Mörderischer Angriff

Griechenland: Zu den Hintergründen der gewaltsamen Auseinandersetzungen zwischen Demonstranten gegen die Kürzungspolitik der Regierung

Heike Schrader, Athen
Als »organisierten mörderischen Angriff von Befehle ausführenden Provokateuren« bezeichnete die Kommunistische Partei Griechenlands, KKE, den Angriff auf ihre Gewerkschaftsfront PAME am Donnerstag. Dabei hatten mehrere hundert Vermummte den Demonstrationsblock der PAME vor dem griechischen Parlament mit Steinen, Rauchgeschossen und sogar Brandbomben angegriffen.
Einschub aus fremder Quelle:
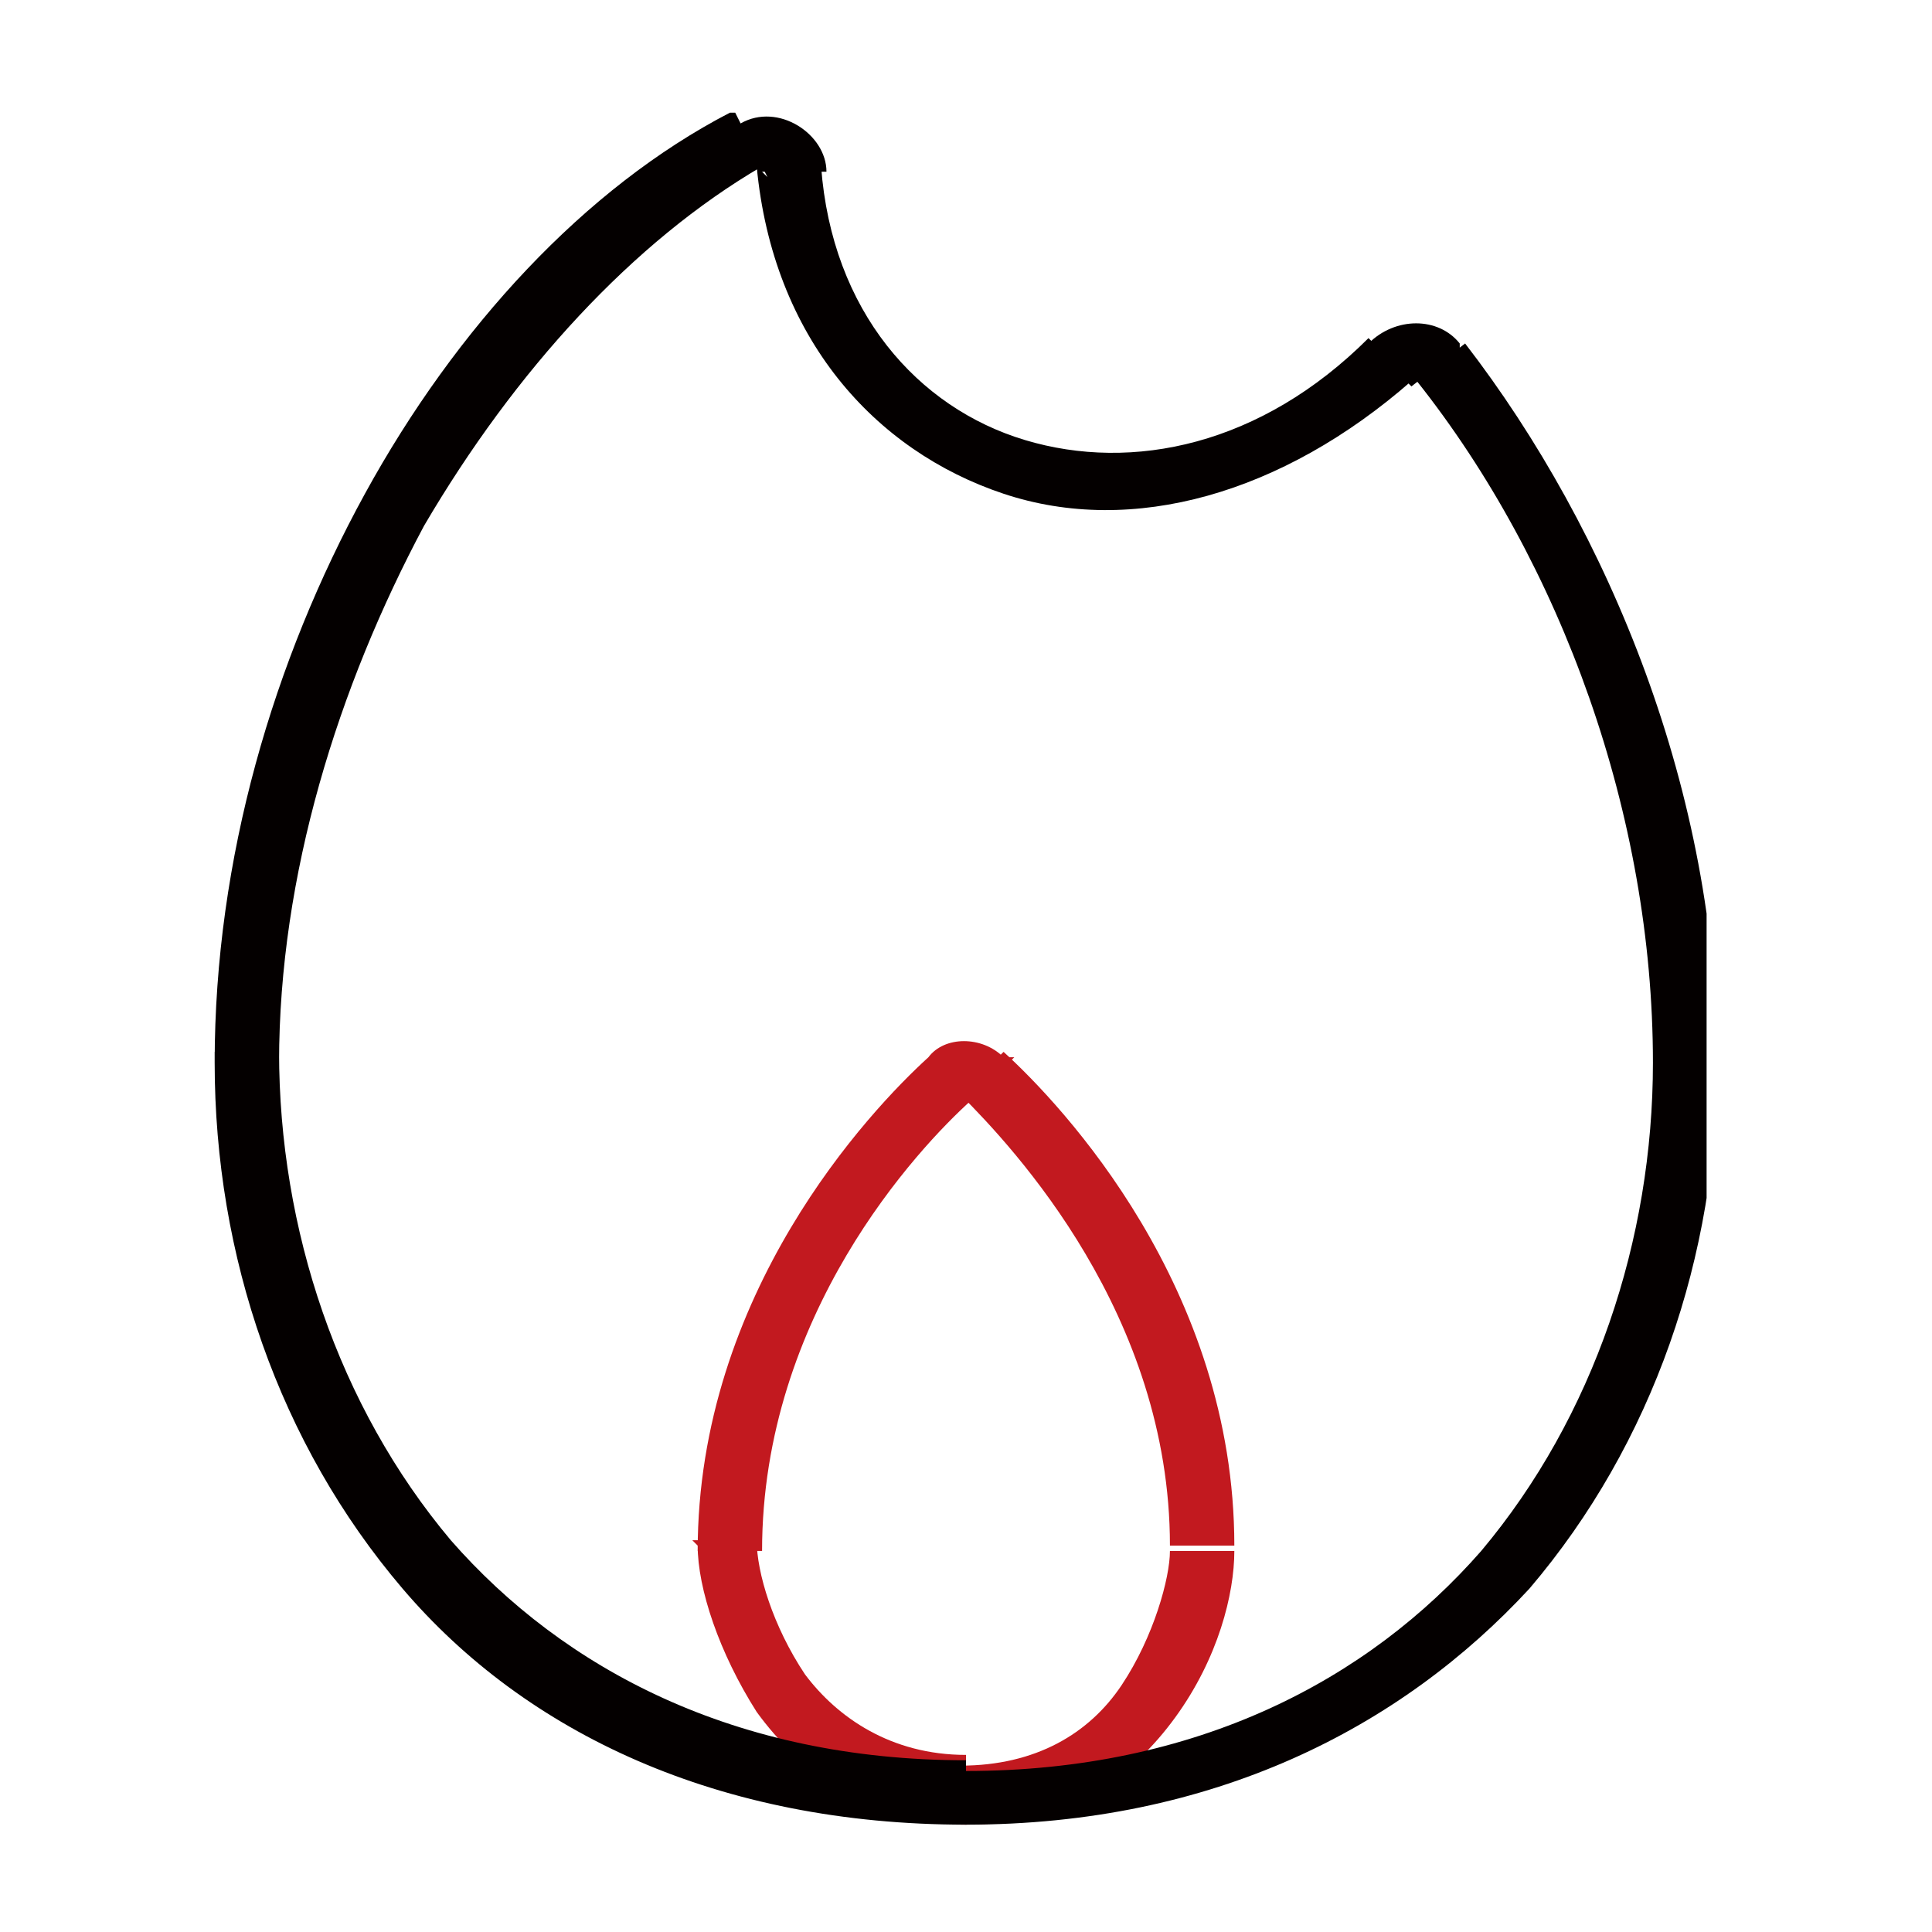 <?xml version="1.0" encoding="UTF-8"?>
<svg id="_レイヤー_1" data-name=" レイヤー 1" xmlns="http://www.w3.org/2000/svg" xmlns:xlink="http://www.w3.org/1999/xlink" version="1.1" viewBox="0 0 36 36">
  <defs>
    <style>
      .cls-1 {
        clip-path: url(#clippath);
      }

      .cls-2 {
        fill: none;
      }

      .cls-2, .cls-3, .cls-4 {
        stroke-width: 0px;
      }

      .cls-3 {
        fill: #040000;
      }

      .cls-4 {
        fill: #c2191f;
      }
    </style>
    <clipPath id="clippath">
      <rect class="cls-2" x="4" y="2" width="27.8" height="32"/>
    </clipPath>
  </defs>
  <g class="cls-1">
    <g>
      <path class="cls-4" d="M17.3,19.7c-1.1,1-4.3,4.4-4.3,9.2h1.2c0-4.4,2.9-7.5,3.9-8.4l-.8-.8ZM18.7,19.7c-.4-.4-1.1-.4-1.4,0l.8.8h0l.8-.8h-.2ZM23,28.8c0-4.8-3.2-8.2-4.3-9.2l-.8.8c1,1,3.9,4.1,3.9,8.4h1.2ZM18,34c1.9,0,3.1-.9,3.9-2s1.1-2.3,1.1-3.1h-1.2c0,.5-.3,1.6-.9,2.5s-1.6,1.5-3,1.5v1.2h0ZM13,28.8c0,.8.4,2,1.1,3.1.8,1.1,2,2,3.9,2v-1.2c-1.4,0-2.4-.7-3-1.5-.6-.9-.9-1.9-.9-2.5h-1.2,0ZM17.6,20l.4.4-.4-.4h0ZM18.3,20l-.4.4.4-.4h0Z"/>
      <path class="cls-3" d="M14.2,3.2h1.2c0-.7-.9-1.3-1.6-.9l.5,1h0ZM27.2,6.4c-.4-.5-1.2-.5-1.7,0l.8.8h0l.9-.7h0ZM25.5,6.3c-2,2-4.4,2.5-6.4,1.9-2-.6-3.6-2.4-3.8-5.1h-1.2c.3,3.2,2.2,5.3,4.6,6.1,2.4.8,5.2,0,7.6-2.1l-.8-.8h0ZM32,19.8c0-5-2-9.9-4.7-13.4l-.9.7c2.7,3.4,4.4,8.1,4.4,12.7h1.2ZM18,34c4.6,0,8.1-1.8,10.5-4.4,2.3-2.7,3.5-6.2,3.5-9.8h-1.2c0,3.3-1.1,6.6-3.2,9.1-2.1,2.4-5.3,4.1-9.6,4.1v1.2h0ZM4,19.8c0,3.6,1.2,7.1,3.5,9.8,2.3,2.7,5.9,4.4,10.5,4.4v-1.2c-4.3,0-7.5-1.7-9.6-4.1-2.1-2.5-3.2-5.8-3.2-9.1h-1.2ZM13.6,2.1c-2.7,1.4-5.1,4-6.8,7.1-1.7,3.1-2.8,6.8-2.8,10.6h1.2c0-3.5,1.1-7,2.7-10,1.7-2.9,3.9-5.3,6.3-6.7l-.5-1h0Z"/>
    </g>
  </g>
</svg>

Bei den Auseinandersetzungen wurden mehr als 40 Menschen verletzt, der PAME-Gewerkschafter Dimitris Kotzaridis erlitt einen tödlichen Herzinfarkt. Im Internetportal Indymedia dagegen wurde die Attacke auf die Gewerkschafter als anarchistischer »Angriff auf die Schergen der KKE, die die Rolle der Polizei übernommen haben« bejubelt. In- und ausländische Medien sprachen von einem Übergriff Vermummter auf friedliche Demonstranten, die Hintergründe vermochte niemand zu erklären. Doch der brutale Angriff auf Griechenlands Kommunisten kommt nicht aus heiterem Himmel:

Für die einen war es ein hoffnungsvo...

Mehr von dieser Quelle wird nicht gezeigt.